Driven by the first driving signal S1 and the second driving signal S2, the output inductor L and the current sense resistor Rs generate output current Io to the core voltage output end Vcore. It can be known that whether the CPU operates at a heavy load or a light load according to the output current Io. When the CPU is detected to be at heavy load by detecting a sense voltage Vs across the current sense resistor Rs, the PWM control unit 102 may increase the pulse width of the PWM signal to increase the output current Io. Conversely, when the CPU is detected to be at light load by detecting a sense voltage Vs across the current sense resistor Rs, the PWM control unit 102 decreases the pulse width of the PWM signal to decrease the output current Io.
The more phases the VRM has, the more PWM drivers 104 and the output units 106 the VRM includes. Conventionally, a motherboard always uses the multi-phase VRM (multi-phase VRM). The multi-phase VRM can provide enough core voltages to a CPU when the CPU is at the heavy load.
FIG. 2 is a schematic diagram showing that a conventional four-phase VRM on a motherboard supplies power to a CPU. The four-phase VRM 20 includes a PWM control unit 202, four PWM drivers 204, 206, 208 and 210, and four output units 212, 214, 216 and 218.
The PWM control unit 202 can output four-phase pulse signals (PWM1 signal, PWM2 signal, PWM3 signal, PWM4 signal) to the PWM drivers 204, 206, 208 and 210, respectively. The output unit 212 cooperated with the PWM driver 204 outputs a core voltage Vcore-1 having a first phase. The output unit 214 cooperated with the PWM driver 206 outputs a core voltage Vcore-2 having a second phase. The output unit 216 cooperated with the PWM driver 208 outputs a core voltage Vcore-3 having a third phase. The output unit 218 cooperated with the PWM driver 210 outputs a core voltage Vcore-4 having a fourth phase. Consequently, the core voltage Vcore needed by a CPU 22 is provided by the four-phase VRM 20 according to the PWM1 signal, the PWM2 signal, the PWM3 signal, and the PWM4 signal. Since the circuits of the four PWM drivers 204, 206, 208, and 210 are the same as the circuit of the PWM driver 104 in FIG. 1, and the four output units 212, 214, 216, and 218 are the same as the circuit of the output unit 106 in FIG. 1, the operating principle thereof are not described for a concise purpose.

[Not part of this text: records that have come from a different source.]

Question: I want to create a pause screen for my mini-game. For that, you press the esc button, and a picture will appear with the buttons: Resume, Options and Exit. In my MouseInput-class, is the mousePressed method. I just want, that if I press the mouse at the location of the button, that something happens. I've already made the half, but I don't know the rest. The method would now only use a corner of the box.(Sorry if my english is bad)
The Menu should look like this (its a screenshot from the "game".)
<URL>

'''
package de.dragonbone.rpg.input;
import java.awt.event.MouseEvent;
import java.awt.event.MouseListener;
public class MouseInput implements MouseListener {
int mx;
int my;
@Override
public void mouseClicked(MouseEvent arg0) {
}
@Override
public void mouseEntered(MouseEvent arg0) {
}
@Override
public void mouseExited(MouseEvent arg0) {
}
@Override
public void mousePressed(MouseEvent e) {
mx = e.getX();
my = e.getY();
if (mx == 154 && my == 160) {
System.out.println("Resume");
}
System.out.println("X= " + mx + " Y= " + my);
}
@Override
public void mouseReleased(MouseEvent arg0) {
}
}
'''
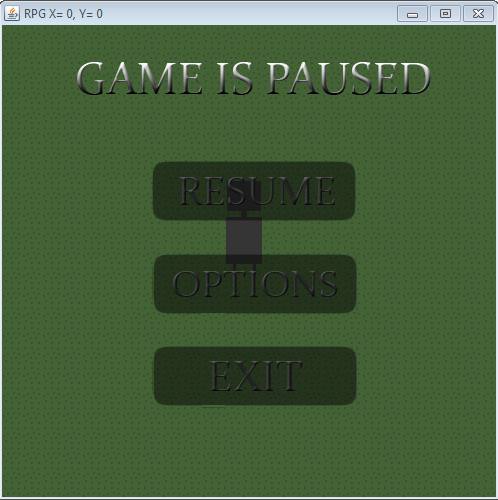
Answer: the location should be a range not a point.
Example of range:
'''
if (mx >= 154 || mx<=200 && my >= 160 && my<= 200) {
System.out.println("Resume");
}
'''
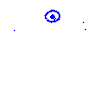
Particle: electron
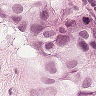
Metastatic tissue present: yes
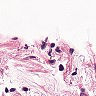
Metastatic tissue present: no
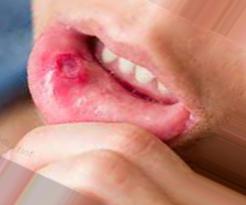
Condition: Mouth Ulcer
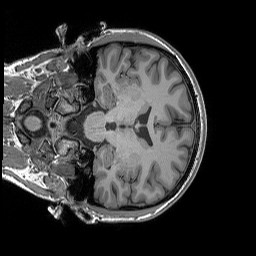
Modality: T1w
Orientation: coronal
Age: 23
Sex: female
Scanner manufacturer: siemens
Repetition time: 2.25 s
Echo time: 0.00302 s
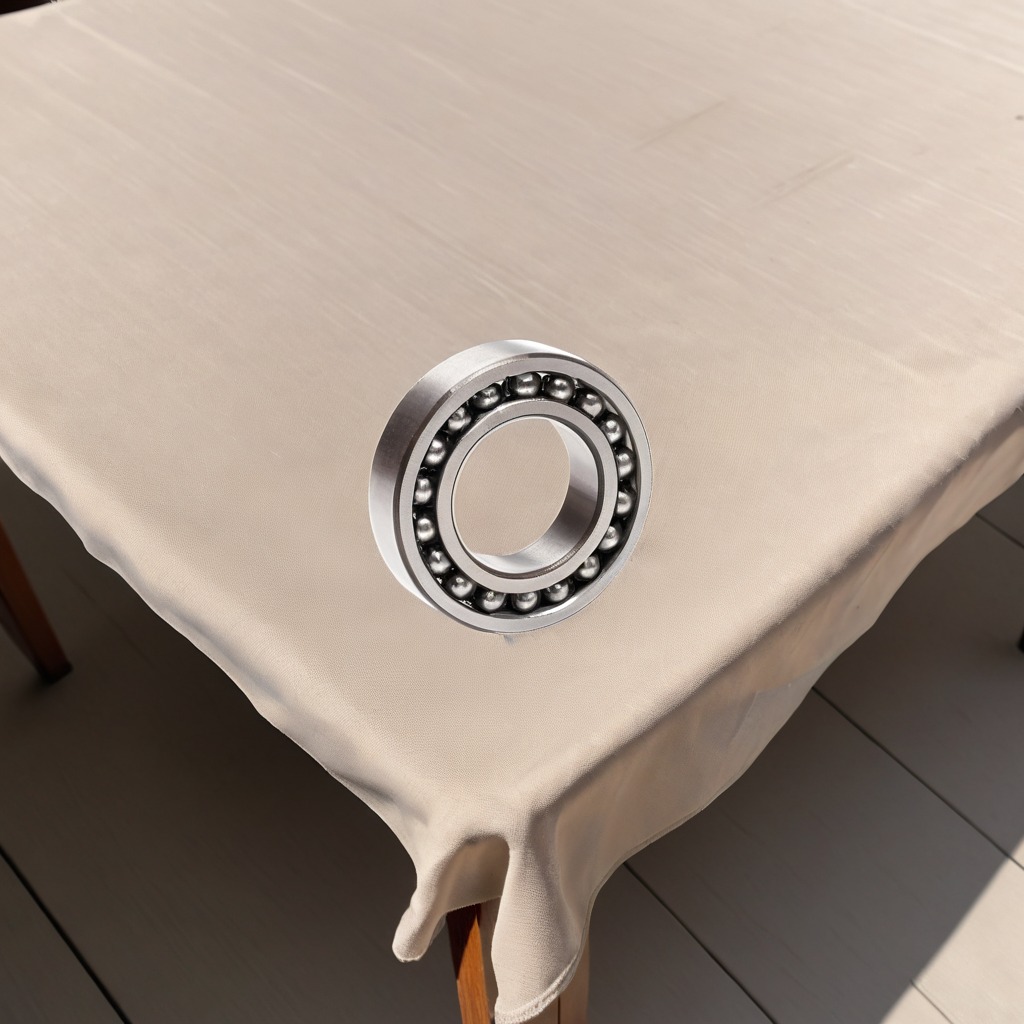
A metal ball bearing is lying on the wooden table in an outdoor workshop during daytime bright natural light soft shadows worn but beneath the cloth.
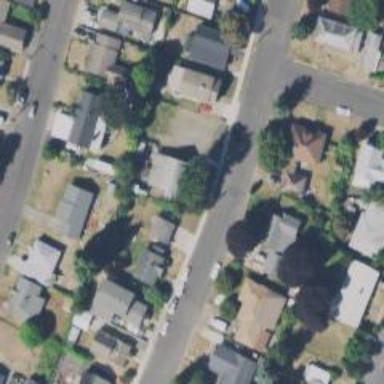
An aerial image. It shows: Residential road with sidewalk on the left side.
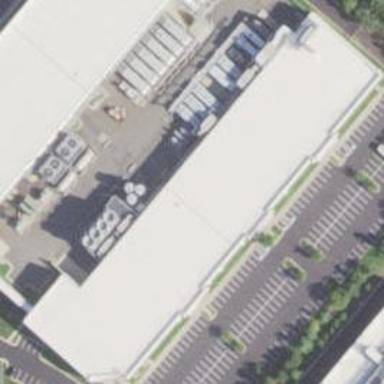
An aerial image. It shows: Data center building.
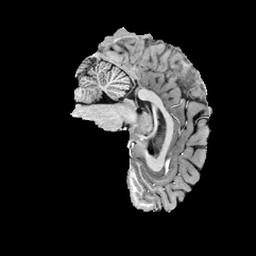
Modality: T1w
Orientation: sagittal
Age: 27
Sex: male
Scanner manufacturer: siemens
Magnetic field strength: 6.98 T
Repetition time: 6 s
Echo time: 0.00302 s
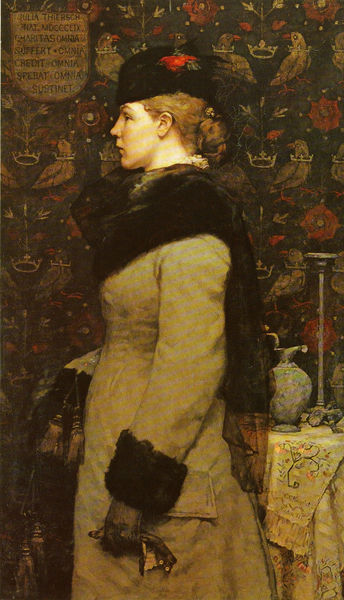
Titel: Julia Thiersch
Künstler: Carl Gustav Hellquist
Standort: München
Institution: Neue Pinakothek
Schlagwörter: blau, dunkel, gemälde, hand, kopf, schatten, umhang, vogel, weiß, grün, blume, blumen, braun, brust, busen, frau, frisur, grau, haar, handschuh, handschuhe, hell, hut, licht, mund, nase, ohr, profil, raum, schwarz, tisch, zimmer, blick, blüte, blüten, dame, rose, rosen, rot, schal, tuch, beige, malerei, muster, teppich, blond, jacke, kappe, mütze, wand, arm, federn, gesicht, knoten, kragen, messer, pelz, stehen, ärmel, bildnis, hals, portrait, porträt, tischdecke, tischtuch, vorhang, öl, vögel, fransen, haare, interieur, mantel, pose, stickerei, decke, innen, pflanzen, kinn, krone, ohren, henkel, kanne, krug, vase, taille, dutt, schrift, seitlich, wangen, schriftzug, ölgemälde, tafel, tapete, wandteppich, symmetrie, inschrift, floral, tischchen, leuchter, deutsch, kordel, junge frau, wange, stola, foto, haarknoten, hängen, seite, text, brille, tasche, wappen, kerzenständer, kerzenhalter, pelzkragen, pelzmantel, julia, troddel, manteltasche, ständer, troddeln, besatz, pelzmütze, pelzkappe, art deco, schwar, quasten, russisch, kronen, wandbespannung, latein, lateinisch, decken, anstecker, handscuhe, tapette, toscj, orthodox, bürgerliche, handschu, twsche, hanschuhe, dame im pelz
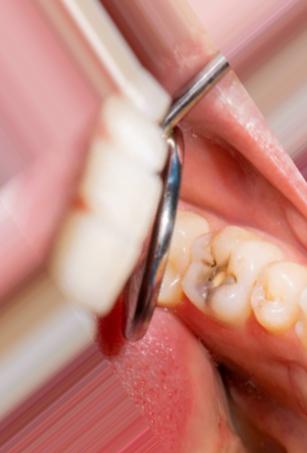
Condition: Caries
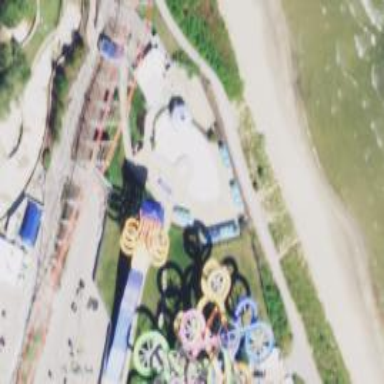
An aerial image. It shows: Water slide attraction.
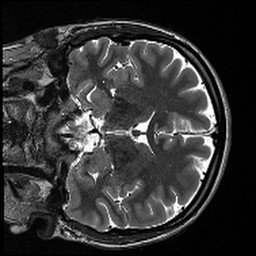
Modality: T2w
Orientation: coronal
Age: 32
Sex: female
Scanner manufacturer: siemens
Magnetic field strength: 3 T
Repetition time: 13.15 s
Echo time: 0.082 s
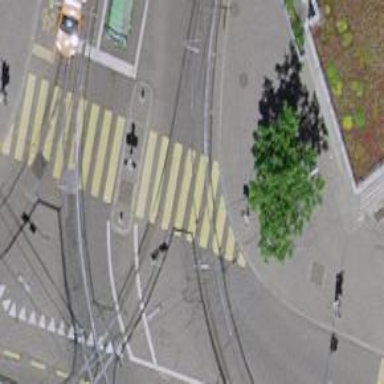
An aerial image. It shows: Tram crossing on the railway.
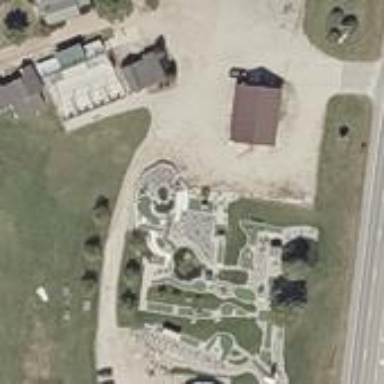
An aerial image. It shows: Miniature golf course.
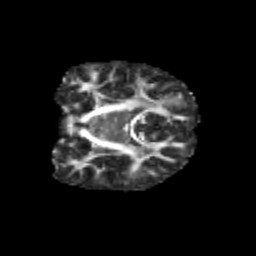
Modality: FA
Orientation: coronal
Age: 8
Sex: female
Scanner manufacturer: siemens
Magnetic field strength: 3 T
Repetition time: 3.8 s
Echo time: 0.07 s
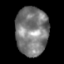
Tissue: skin
Cell type: Epithelial cells
Senescence score: 0.1971
Nuclear area (px): 1536
Mean DAPI intensity: 123.406
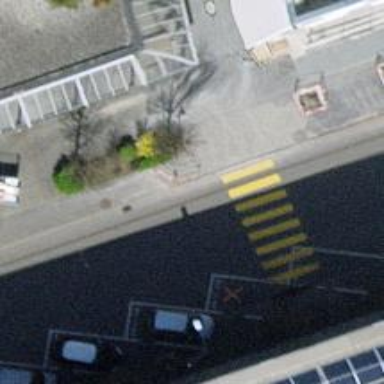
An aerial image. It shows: Tram crossing on the railway.
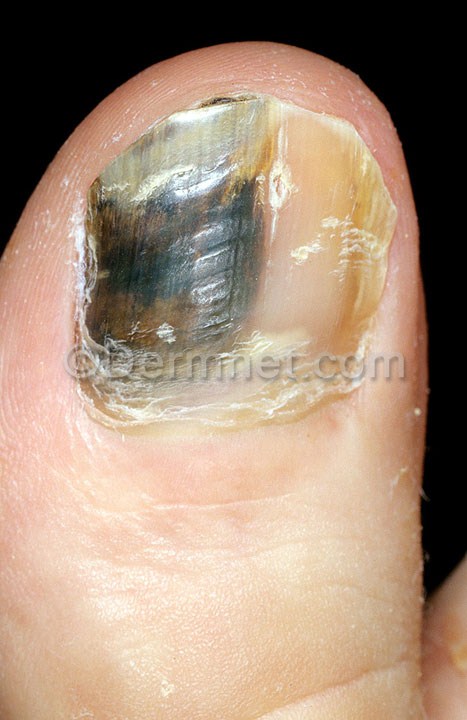
Disease: Nail Fungus and other Nail Disease
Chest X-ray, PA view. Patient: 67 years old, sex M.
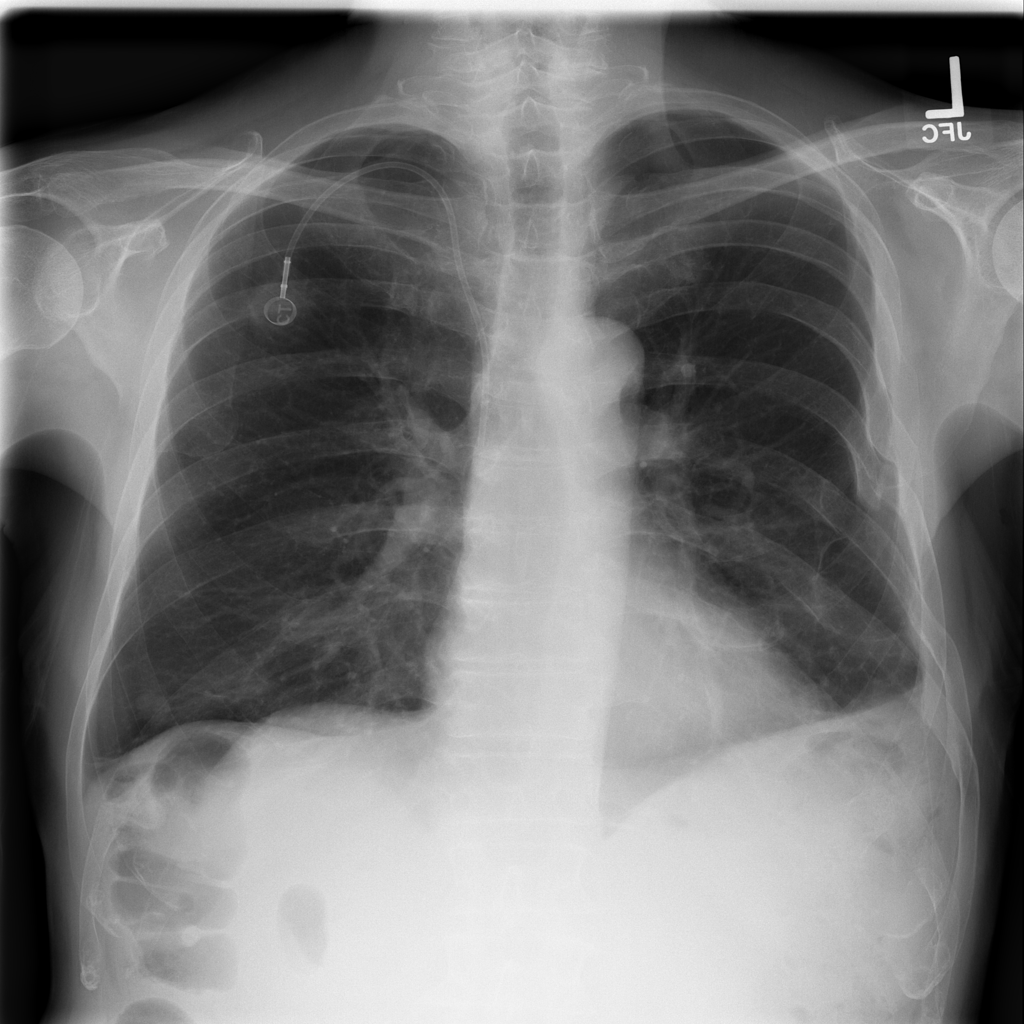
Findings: Nodule
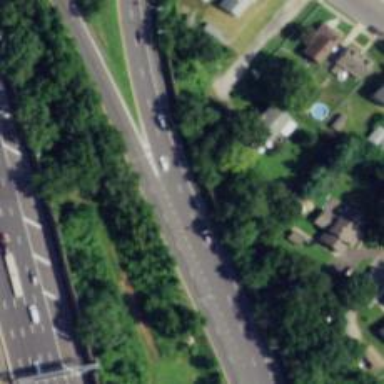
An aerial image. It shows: Trunk highway.
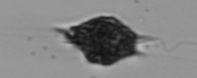
Label: Dictyocha
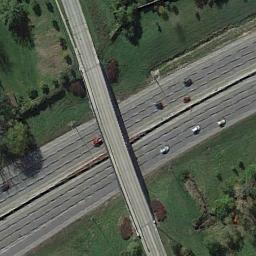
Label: overpass
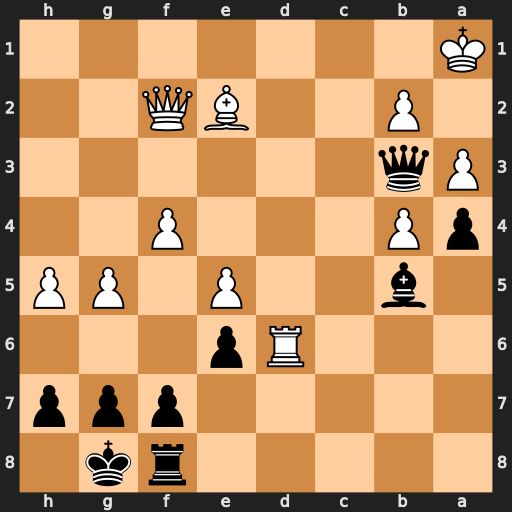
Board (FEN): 5rk1/5ppp/3Rp3/1b2P1PP/pP3P2/Pq6/1P2BQ2/K7
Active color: b
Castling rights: -
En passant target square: -
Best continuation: Qc2 Qe1 Qxe2 Qxe2 Bxe2
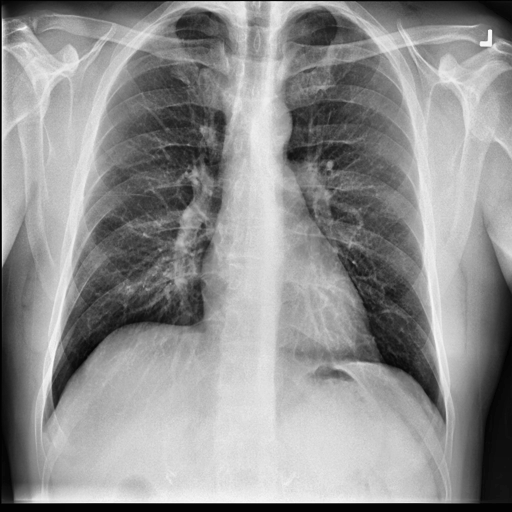
Finding: NORMAL
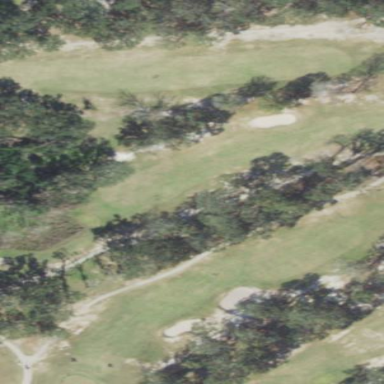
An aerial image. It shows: Grassy area designated as golf fairway.
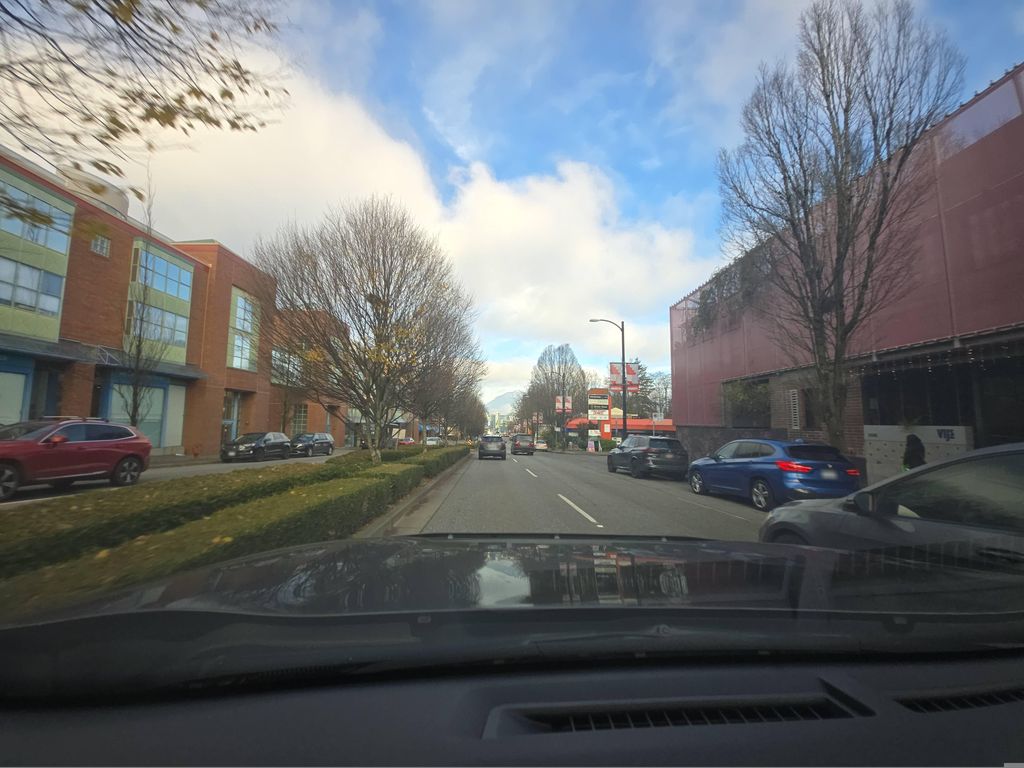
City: vancouver
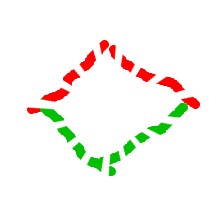
Shape: rhombus
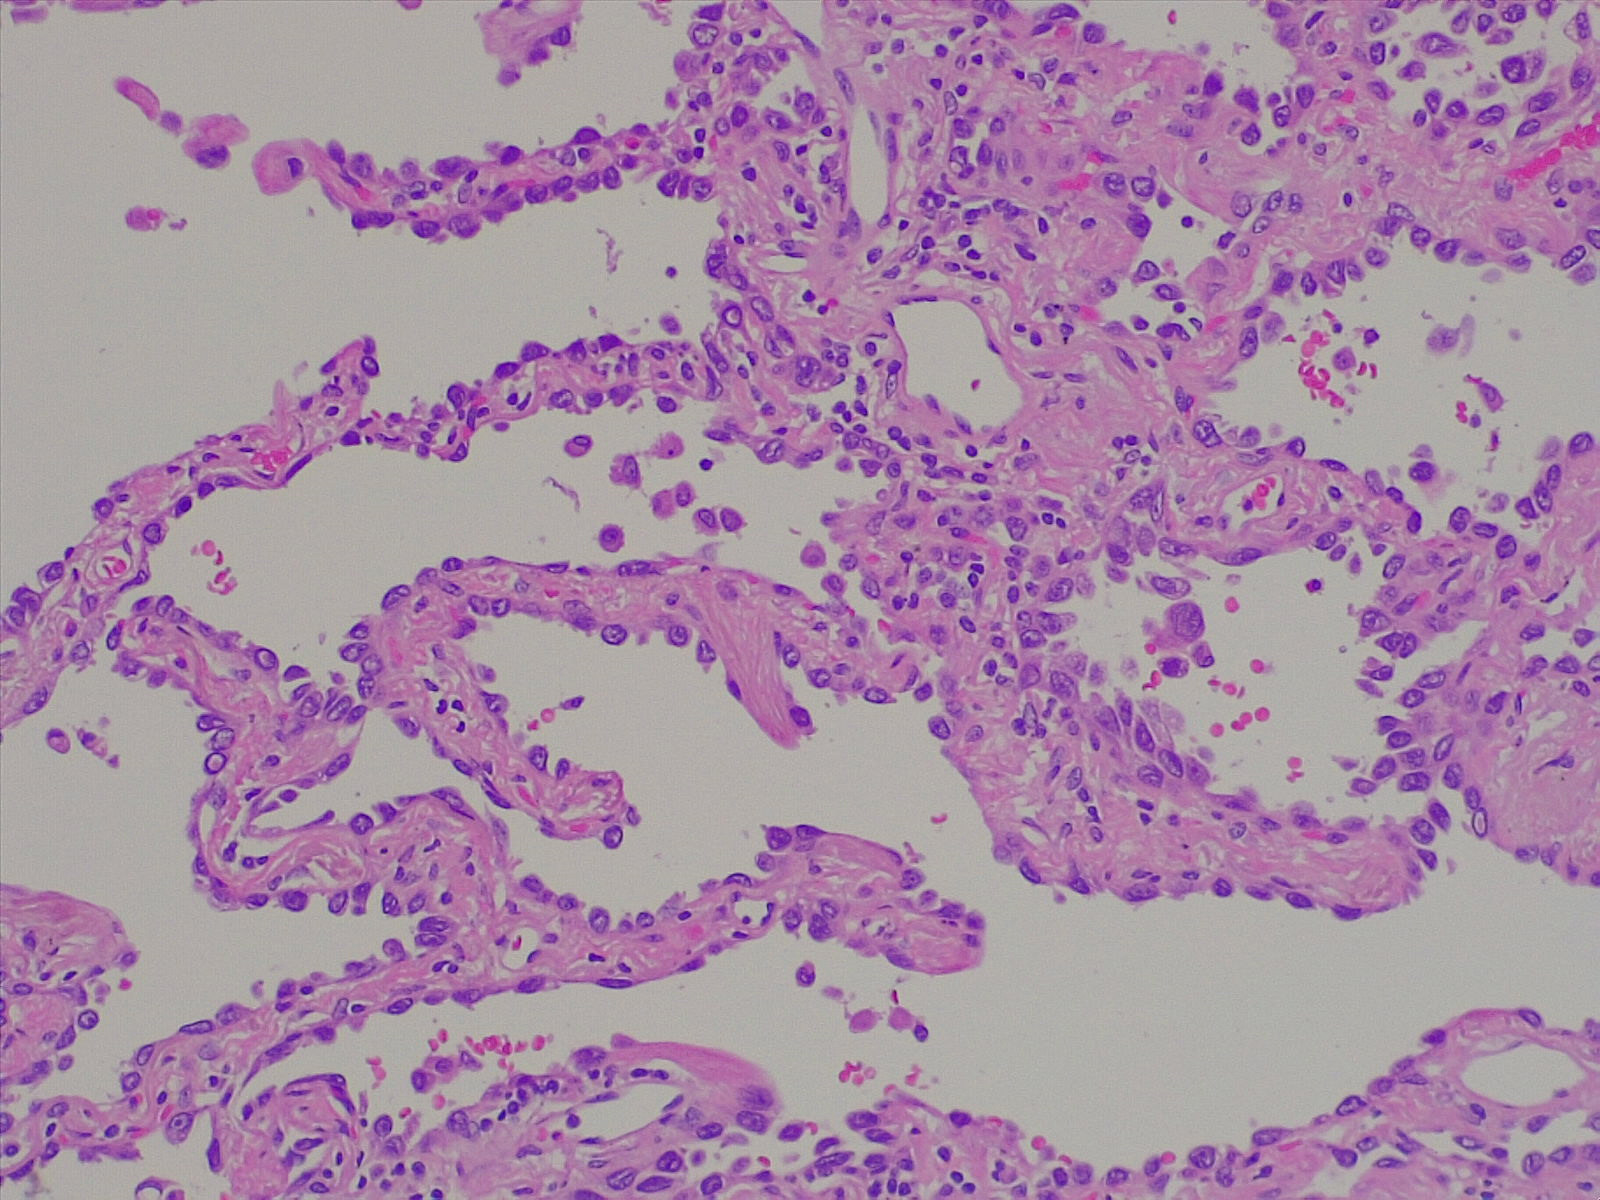
Label: lung adenocarcinoma, well differentiated

The stability of the CPU is improved along with the increase of the number of phases of the VRM, but companies have to consider the efficiency of the VRM. The more phases the VRM has, the more energy are consumed. Furthermore, there is a problem that the efficiency of the VRM is low at the light load. The CPU 22 transmits a power state indicator (PSI) signal when the CPU 22 operates at a load lower than the lowest load, and the motherboard requires the four-phase VRM 20 to only enable a single phase to supply power to the CPU 22. For example, Only the core voltage Vcore-1 having the first phase outputted by the output unit 212 cooperating with the PWM driver 204 supplies power to the CPU 22 to realize the optimization of the efficiency of the VRM. However, conventional VRMs can only switch between the four-phase power supply and the single-phase power supply (taking the four phase VRM as an example). People focus on energy saving today, and it wastes energy.